Parfois, il s'agit simplement de faire prendre conscience aux patients que la "solution" à leur "problème" est déjà présente dans leur propre vie. En effet, les patients ne présentent pas toujours et partout le comportement problématique. Souvent, ils fonctionneront étonnamment bien dans certaines circonstances. Cependant, ils pensent généralement que c'est normal et ne remarquent pas qu'ils font preuve des mêmes compétences qu'ils pensent manquer dans d'autres circonstances. Si quelqu'un dit qu'il ne sait pas nager ou qu'il manque de confiance en lui, mais qu'après enquête, il s'avère "par hasard" qu'il sait nager ou qu'il se comporte de manière très assurée/assertive dans certaines circonstances, cela montre qu'il possède/dispose déjà la/de la compétence en question.
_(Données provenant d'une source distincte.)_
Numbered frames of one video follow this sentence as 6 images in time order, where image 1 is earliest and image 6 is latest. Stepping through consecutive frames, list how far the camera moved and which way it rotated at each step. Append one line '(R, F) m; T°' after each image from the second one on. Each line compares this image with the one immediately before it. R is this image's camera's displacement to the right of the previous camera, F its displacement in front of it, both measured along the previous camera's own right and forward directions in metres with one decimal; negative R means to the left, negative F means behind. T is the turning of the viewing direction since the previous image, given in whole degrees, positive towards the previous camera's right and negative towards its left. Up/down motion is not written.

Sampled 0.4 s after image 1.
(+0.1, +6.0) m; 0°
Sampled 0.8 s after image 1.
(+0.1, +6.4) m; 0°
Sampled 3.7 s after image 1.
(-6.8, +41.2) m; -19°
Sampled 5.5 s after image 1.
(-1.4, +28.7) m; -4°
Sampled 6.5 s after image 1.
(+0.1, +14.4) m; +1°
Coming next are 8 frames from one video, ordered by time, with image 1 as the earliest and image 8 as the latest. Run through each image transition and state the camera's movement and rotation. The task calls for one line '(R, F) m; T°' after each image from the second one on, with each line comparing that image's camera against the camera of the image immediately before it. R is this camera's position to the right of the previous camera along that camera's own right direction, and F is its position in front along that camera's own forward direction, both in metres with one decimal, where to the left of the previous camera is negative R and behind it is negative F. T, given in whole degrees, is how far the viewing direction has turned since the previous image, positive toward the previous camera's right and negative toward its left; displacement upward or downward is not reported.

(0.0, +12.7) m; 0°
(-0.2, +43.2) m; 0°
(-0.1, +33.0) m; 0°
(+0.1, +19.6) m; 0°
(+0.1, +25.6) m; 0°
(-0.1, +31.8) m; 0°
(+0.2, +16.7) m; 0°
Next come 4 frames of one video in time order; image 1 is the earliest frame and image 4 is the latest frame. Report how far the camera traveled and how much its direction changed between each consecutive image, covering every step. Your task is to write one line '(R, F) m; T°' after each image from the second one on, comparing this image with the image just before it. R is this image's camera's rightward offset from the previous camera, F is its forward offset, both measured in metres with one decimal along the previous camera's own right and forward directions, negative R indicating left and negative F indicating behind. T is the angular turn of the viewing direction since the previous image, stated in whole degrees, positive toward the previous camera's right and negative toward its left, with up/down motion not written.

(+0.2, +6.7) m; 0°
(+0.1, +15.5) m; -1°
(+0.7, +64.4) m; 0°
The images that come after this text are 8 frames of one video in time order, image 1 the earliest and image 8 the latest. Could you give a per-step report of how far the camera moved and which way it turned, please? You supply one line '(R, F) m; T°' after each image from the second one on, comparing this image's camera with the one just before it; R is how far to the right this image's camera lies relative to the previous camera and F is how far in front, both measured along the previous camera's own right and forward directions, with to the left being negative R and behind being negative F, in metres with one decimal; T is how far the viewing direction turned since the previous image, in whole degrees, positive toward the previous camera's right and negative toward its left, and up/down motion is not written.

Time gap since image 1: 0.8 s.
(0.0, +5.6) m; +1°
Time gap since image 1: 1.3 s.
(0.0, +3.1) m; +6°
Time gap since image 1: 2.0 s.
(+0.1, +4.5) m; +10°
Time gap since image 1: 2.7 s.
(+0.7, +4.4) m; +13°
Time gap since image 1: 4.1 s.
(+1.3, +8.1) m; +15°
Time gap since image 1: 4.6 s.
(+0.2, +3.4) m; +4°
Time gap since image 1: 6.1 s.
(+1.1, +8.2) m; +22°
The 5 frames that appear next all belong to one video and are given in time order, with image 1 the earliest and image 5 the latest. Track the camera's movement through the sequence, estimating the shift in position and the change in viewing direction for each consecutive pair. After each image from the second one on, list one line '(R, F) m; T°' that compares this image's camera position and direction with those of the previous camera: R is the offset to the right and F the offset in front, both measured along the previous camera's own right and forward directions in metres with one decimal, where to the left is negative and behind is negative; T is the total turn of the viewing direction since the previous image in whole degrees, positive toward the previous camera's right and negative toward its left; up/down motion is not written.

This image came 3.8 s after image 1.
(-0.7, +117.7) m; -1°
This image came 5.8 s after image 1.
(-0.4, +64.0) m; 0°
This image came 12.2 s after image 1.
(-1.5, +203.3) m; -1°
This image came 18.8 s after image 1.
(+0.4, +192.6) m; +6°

Il doit alors n'y voir qu'une compétence inhérente qu'il peut aussi apprendre à utiliser dans d'autres circonstances, plutôt qu'un comportement déterminé par le hasard. (In de nederlandse versie ontbreekt een i in vaardigheid). Par exemple, des patients semblent tout à fait être capables de se passer de leur comportement addictif dans certaines circonstances (par exemple, pendant une grossesse, une hospitalisation ou des vacances). Pensez à l'histoire, mentionnée plus haut, de la dame avec une dépression, qui a pu à la vue de son petit chat s'ouvrir à la beauté de celui-
ci.149
148 Il s'agit d'une paraphrase de la thèse psychanalytique selon laquelle toute personne saine est un patient qui ne se connaît pas lui-même. 149 C'est la base de la "thérapie centrée sur les solutions" de Steve de Shazer, entre autres. Voir de Shazer, Steve. Les clés des solutions en thérapie brève. New York-Londres : W.W. Norton & Company, 2001. Cette approche a été adoptée, entre autres, dans le "modèle de Bruges", voir : Le Fevere de Ten Hove, Myriam. Korte therapie. Anvers, Apeldoorn : Garant, 2009..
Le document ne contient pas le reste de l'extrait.